Three Pioneering Projects Receive Innovation Discovery Grants

Howard Weiner and Galina Gabriely, of the Ann Romney Center for Neurologic Diseases, received an Innovation Discovery Grant to further study how the immune system may be used to suppress tumor growth.
Selected from a pool of more than 200 proposals, three pioneering projects at BWH were recently awarded with Partners HealthCare’s new Innovation Discovery Grants. Partners awarded 10 total projects with $100,000 each to fund research aimed at improving patient care by accelerating the commercialization of emerging technologies and discoveries.
Launched last year, the IDG program has invested $1 million in prototyping, preclinical studies, software development and other approaches that can directly lead to a license and/or a spinoff company based on a device, drug, diagnostic, software or other product based on the researcher’s innovation.
The winning projects at BWH are led by Lynn Bry, MD, PhD, of the Department of Pathology; Vishal Vaidya, PhD, of the Division of Renal Medicine; and Howard Weiner, MD, of the Department of Neurology.

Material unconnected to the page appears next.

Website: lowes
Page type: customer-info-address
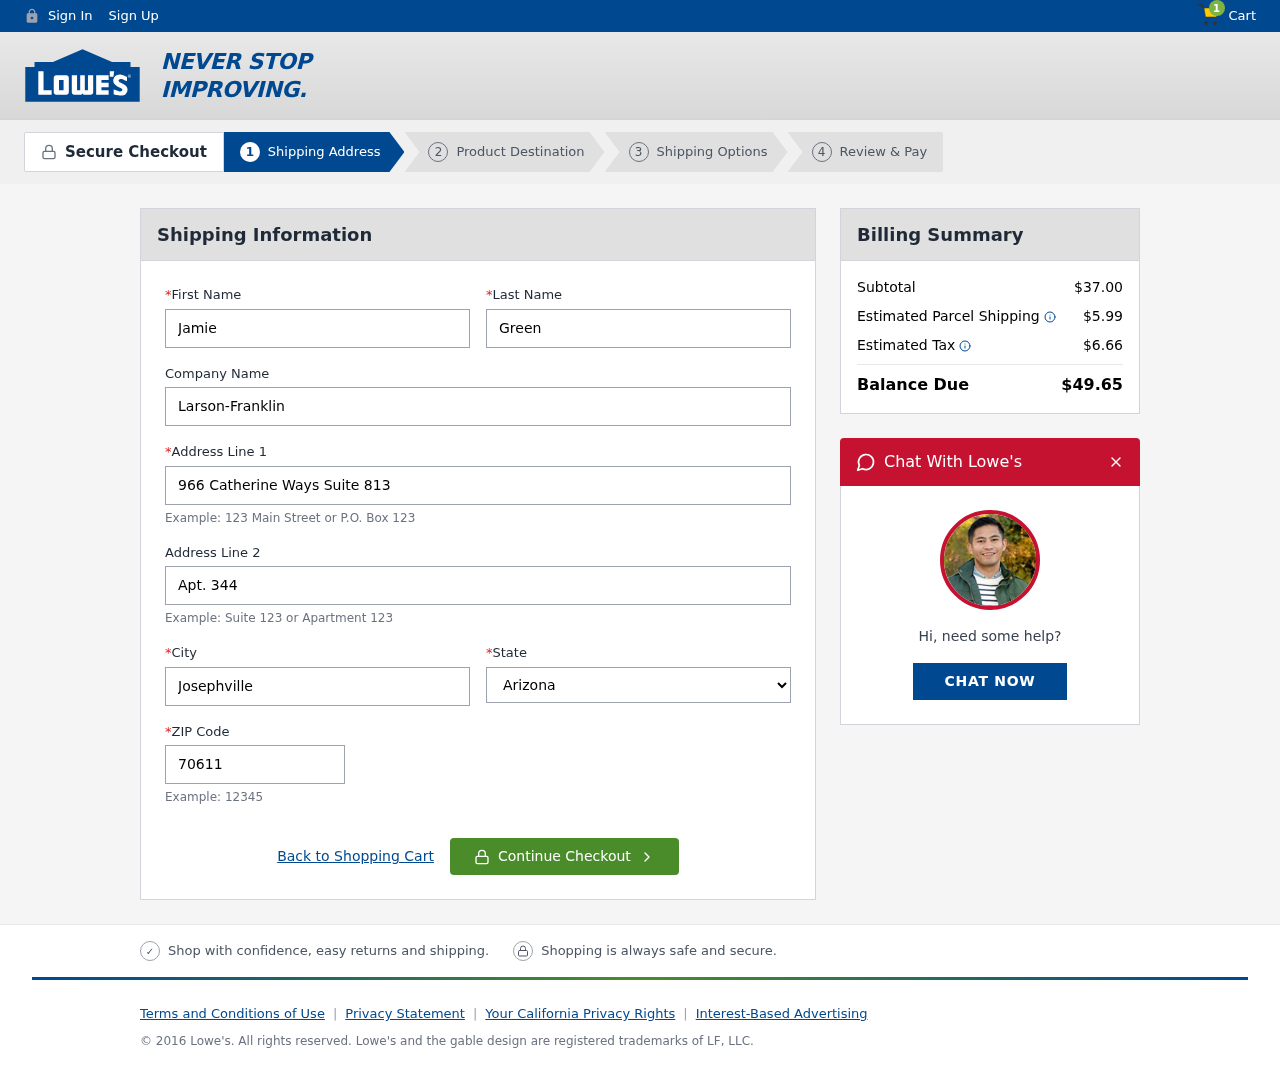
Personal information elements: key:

Finding the Recipe for Ending Food Allergies
The word “cure” is not thrown around lightly in science and medicine. But for BWH pathologist Lynn Bry, MD, PhD, director of the Massachusetts Host-Microbiome Center – who studies the gut microbiome’s role in food allergies and other illnesses – a cure is exactly what she has her sights set on.
Bry has collaborated for several years with Tatal Chatila, MD, and other researchers at Boston Children’s Hospital to define which commensal species of microorganisms in the human gut can prevent food allergies from developing in infants or, for adults and children with existing food allergies, which microbes can stop an allergic reaction from occurring.
After identifying approximately 10 types of human microbes that can achieve at least one, if not both, of these two outcomes, Bry and her team put them to the test in mice with a genetic defect that caused a severe allergy to eggs. In short, the treatment worked. Mice that received the oral regimen of the microbes had no reaction when exposed to eggs two months later.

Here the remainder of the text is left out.